Before we get to the actual recipe, I'll end with a quote by Ta-Nahisi Coates from his brilliant Letter to My Son about the experience of Black otherness in America: "I did not tell you that it would be okay, because I have never believed it would be okay. What I told you is what your grandparents tried to tell me: that this is your country, that this is your world, that this is your body, and you must find some way to live within all of it."

In dealing with the violence (whether in words or action) against all the "others" of this world, this blog is my way of trying to find a way to live with some measure of optimism within all of it. 

I hope you too find your own way to do the same. I leave you with this song "Cry No More" by Rhiannon Giddens and with my mother-in-law's and husband's recipe for Slow-cooked Maash (Urad) Daal.

Own your otherness, don't let it own you.


Slow-cooked Maash (Urad) Daal

Servings: 6-8
Cooking Time: ~ 1 hour
  • Two cups maash (urad) daal
  • 8 cups hot water
  • 2 cloves of garlic (crushed)
  • 1 inch piece ginger (sliced into thin discs)
  • 3-4 whole dried red peppers
  • 1-1/2 teaspoons ground black pepper
  • Salt to taste (about 2 teaspoons)
  • 1 onion (peeled and sliced finely)
  • 1/4 cup regular oil and ghee mixture (enough to generously fill the bottom of a saute pan)
  • Cilantro, slivered ginger, limes and fresh chili peppers for garnish


Ginger, Garlic and Dried Whole Red Pepper. Photo by Mir Elias. Copyright 2015

1.  Boil water. 
2.  Add daal to a deep nonstick pot. 
3.  Add hot water (5 cups). Give it a stir (do not stir stir the lentils more than I recommend here). After the water comes back to a boil, skim off scum from the top (you will need to do it 2-3 times, and give it another stir once during the last stir to get all the remaining scum). 
4.  Add garlic, ginger and the red pepper. 
5.  Add hot water very little at a time if needed, stir another time gently and cover. 
6.  After 10 minutes, add salt, stir once more gently and cover. 
7.  Then let cook until the lentils are soft (but with each individual lentil still holding its shape) and the water all absorbed (about 30 minutes, but check carefully, e.g., by dipping a fork into the lentils, without stirring to see if the water has been absorbed at around 20 minutes). Only add hot water if absolutely necessary.
8.  In the meantime, caramelize onions in the oil/ghee mixture by frying them in a separate pan and stirring consistently to avoid burning. Separate the onions from the hot oil and spread the onions on a paper towel so that any excess oil is soaked off. 
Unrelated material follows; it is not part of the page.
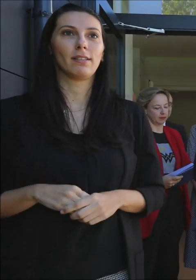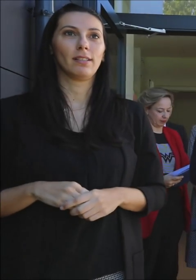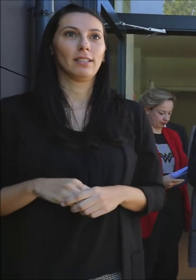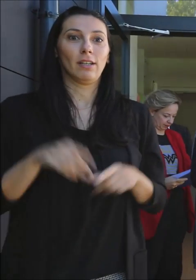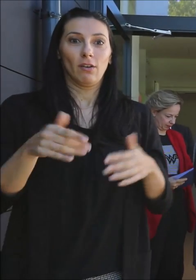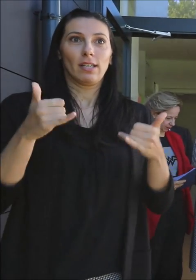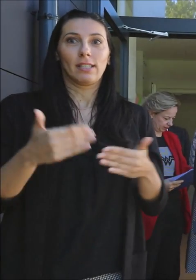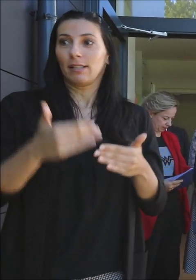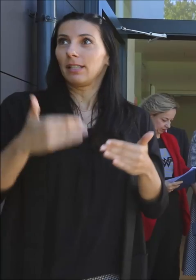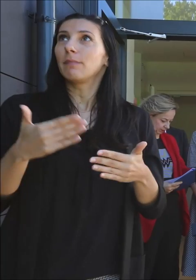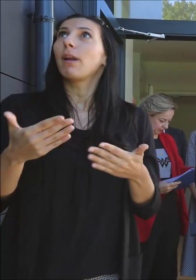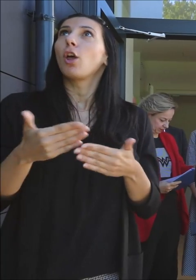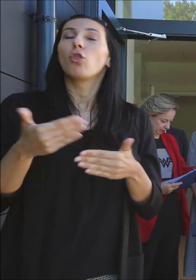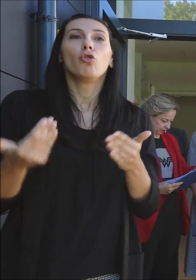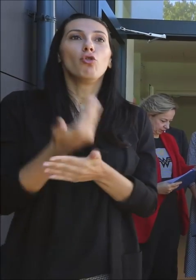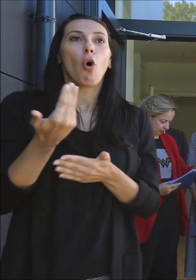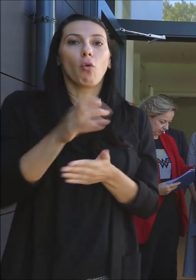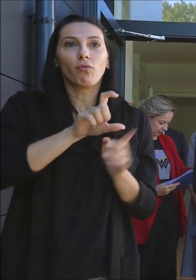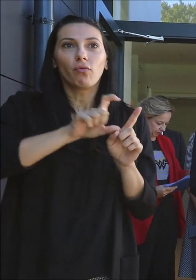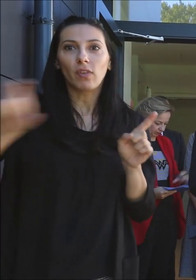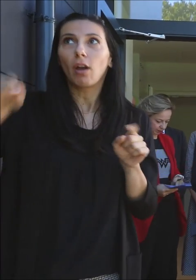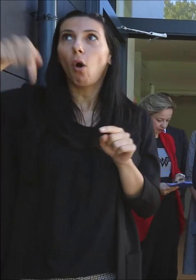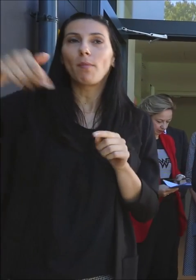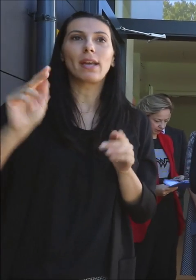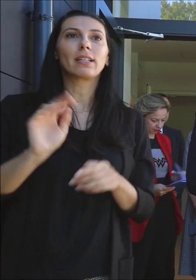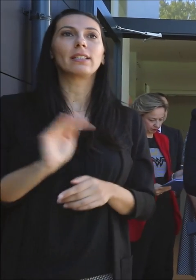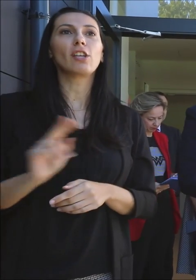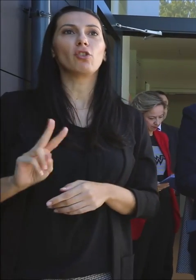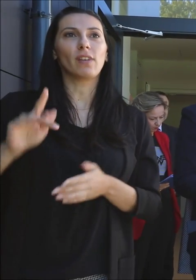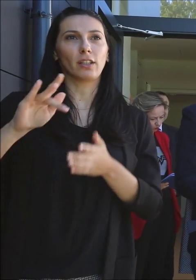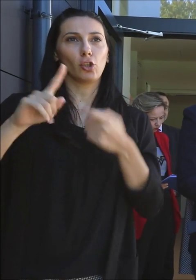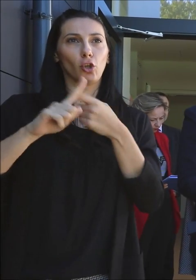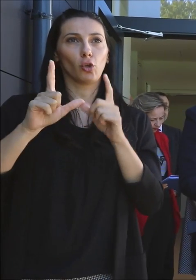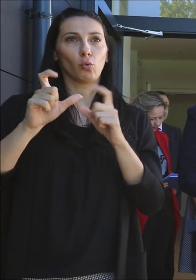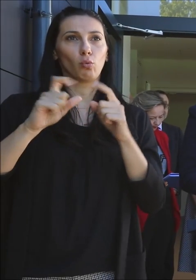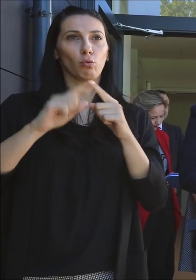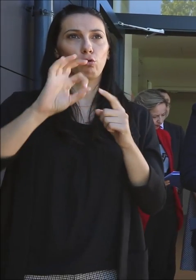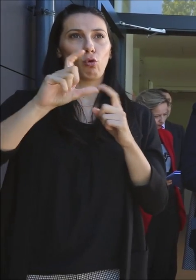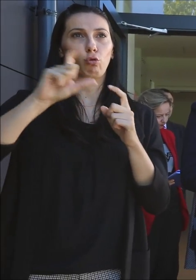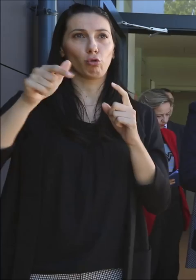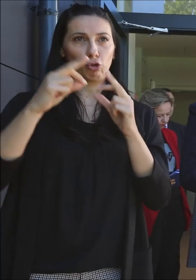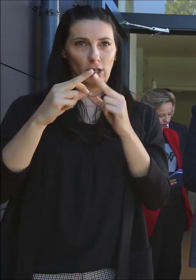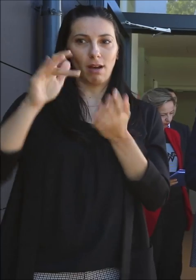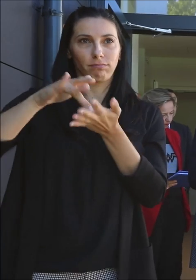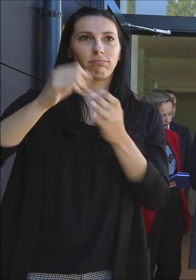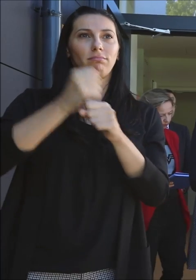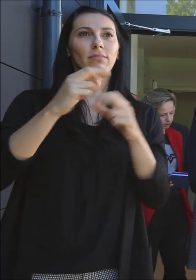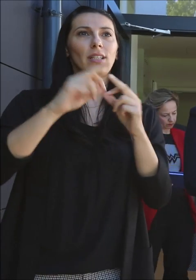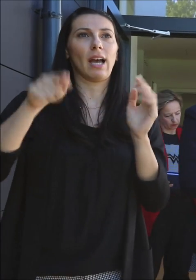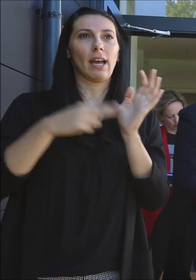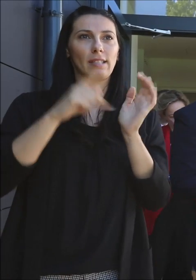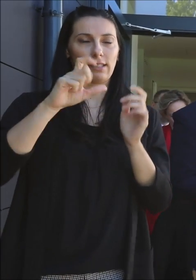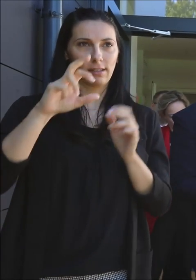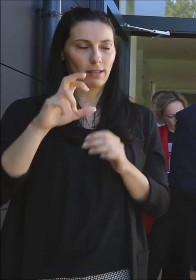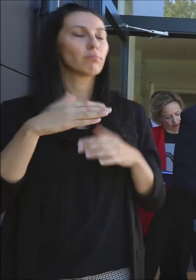novotvorenog potušnog objekta Dječkih vrtića Pustošija u Gajnicama i ovaj mi pozdravio poštovanu realitetnicu Gregory Shine.

Caramelized Onions. Photo by Mir Elias. Copyright 2015.


9.  Heat the oil in which the onions were caramelized if it's become lukewarm. Spread out the daal in your serving platter, crumble the caramelized onions on top and around and pour the hot oil on top (it should make a sizzling sound as it hits the lentils) before serving. 

Serve with rice or roti and the previously prepared garnish of fresh ginger, green or red chilies, limes and cilantro leaves.